→ Supplied information
::::

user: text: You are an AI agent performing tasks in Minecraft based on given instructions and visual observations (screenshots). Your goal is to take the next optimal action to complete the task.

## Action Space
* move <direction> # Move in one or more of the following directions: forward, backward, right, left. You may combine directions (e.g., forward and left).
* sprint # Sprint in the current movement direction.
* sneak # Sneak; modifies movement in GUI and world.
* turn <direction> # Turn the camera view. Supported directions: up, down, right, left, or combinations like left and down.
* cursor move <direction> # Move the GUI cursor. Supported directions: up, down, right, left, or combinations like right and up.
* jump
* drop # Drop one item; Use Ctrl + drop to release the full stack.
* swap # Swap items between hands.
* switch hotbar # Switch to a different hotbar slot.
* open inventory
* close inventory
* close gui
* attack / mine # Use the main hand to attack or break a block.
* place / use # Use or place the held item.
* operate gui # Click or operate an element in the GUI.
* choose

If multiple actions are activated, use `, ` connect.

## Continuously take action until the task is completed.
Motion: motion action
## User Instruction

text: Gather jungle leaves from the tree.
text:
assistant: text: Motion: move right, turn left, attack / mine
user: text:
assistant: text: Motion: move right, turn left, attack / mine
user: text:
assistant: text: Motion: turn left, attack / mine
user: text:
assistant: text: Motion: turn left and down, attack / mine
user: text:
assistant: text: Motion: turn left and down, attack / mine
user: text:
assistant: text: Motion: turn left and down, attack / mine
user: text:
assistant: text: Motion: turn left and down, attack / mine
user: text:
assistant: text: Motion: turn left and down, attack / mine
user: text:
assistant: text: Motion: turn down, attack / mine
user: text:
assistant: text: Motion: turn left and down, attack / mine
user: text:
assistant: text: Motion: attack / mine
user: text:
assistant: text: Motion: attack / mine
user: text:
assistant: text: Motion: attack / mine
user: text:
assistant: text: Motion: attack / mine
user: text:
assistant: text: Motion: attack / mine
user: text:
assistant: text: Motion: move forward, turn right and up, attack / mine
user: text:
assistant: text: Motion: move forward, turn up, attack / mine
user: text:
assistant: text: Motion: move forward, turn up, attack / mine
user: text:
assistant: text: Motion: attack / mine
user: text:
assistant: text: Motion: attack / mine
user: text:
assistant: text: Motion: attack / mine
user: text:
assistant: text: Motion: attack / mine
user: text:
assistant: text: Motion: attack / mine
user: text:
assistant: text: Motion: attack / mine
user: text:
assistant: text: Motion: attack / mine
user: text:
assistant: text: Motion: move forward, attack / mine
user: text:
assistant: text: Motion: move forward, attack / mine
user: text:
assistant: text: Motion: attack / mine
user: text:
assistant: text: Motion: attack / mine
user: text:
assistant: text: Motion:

::::

Print the entries again so that each one matches exactly.

→ Expected answer
user: text: You are an AI agent performing tasks in Minecraft based on given instructions and visual observations (screenshots). Your goal is to take the next optimal action to complete the task.

## Action Space
* move <direction> # Move in one or more of the following directions: forward, backward, right, left. You may combine directions (e.g., forward and left).
* sprint # Sprint in the current movement direction.
* sneak # Sneak; modifies movement in GUI and world.
* turn <direction> # Turn the camera view. Supported directions: up, down, right, left, or combinations like left and down.
* cursor move <direction> # Move the GUI cursor. Supported directions: up, down, right, left, or combinations like right and up.
* jump
* drop # Drop one item; Use Ctrl + drop to release the full stack.
* swap # Swap items between hands.
* switch hotbar # Switch to a different hotbar slot.
* open inventory
* close inventory
* close gui
* attack / mine # Use the main hand to attack or break a block.
* place / use # Use or place the held item.
* operate gui # Click or operate an element in the GUI.
* choose

If multiple actions are activated, use `, ` connect.

## Continuously take action until the task is completed.
Motion: motion action
## User Instruction

text: Gather jungle leaves from the tree.
text:
assistant: text: Motion: move right, turn left, attack / mine
user: text:
assistant: text: Motion: move right, turn left, attack / mine
user: text:
assistant: text: Motion: turn left, attack / mine
user: text:
assistant: text: Motion: turn left and down, attack / mine
user: text:
assistant: text: Motion: turn left and down, attack / mine
user: text:
assistant: text: Motion: turn left and down, attack / mine
user: text:
assistant: text: Motion: turn left and down, attack / mine
user: text:
assistant: text: Motion: turn left and down, attack / mine
user: text:
assistant: text: Motion: turn down, attack / mine
user: text:
assistant: text: Motion: turn left and down, attack / mine
user: text:
assistant: text: Motion: attack / mine
user: text:
assistant: text: Motion: attack / mine
user: text:
assistant: text: Motion: attack / mine
user: text:
assistant: text: Motion: attack / mine
user: text:
assistant: text: Motion: attack / mine
user: text:
assistant: text: Motion: move forward, turn right and up, attack / mine
user: text:
assistant: text: Motion: move forward, turn up, attack / mine
user: text:
assistant: text: Motion: move forward, turn up, attack / mine
user: text:
assistant: text: Motion: attack / mine
user: text:
assistant: text: Motion: attack / mine
user: text:
assistant: text: Motion: attack / mine
user: text:
assistant: text: Motion: attack / mine
user: text:
assistant: text: Motion: attack / mine
user: text:
assistant: text: Motion: attack / mine
user: text:
assistant: text: Motion: attack / mine
user: text:
assistant: text: Motion: move forward, attack / mine
user: text:
assistant: text: Motion: move forward, attack / mine
user: text:
assistant: text: Motion: attack / mine
user: text:
assistant: text: Motion: attack / mine
user: text:
assistant: text: Motion:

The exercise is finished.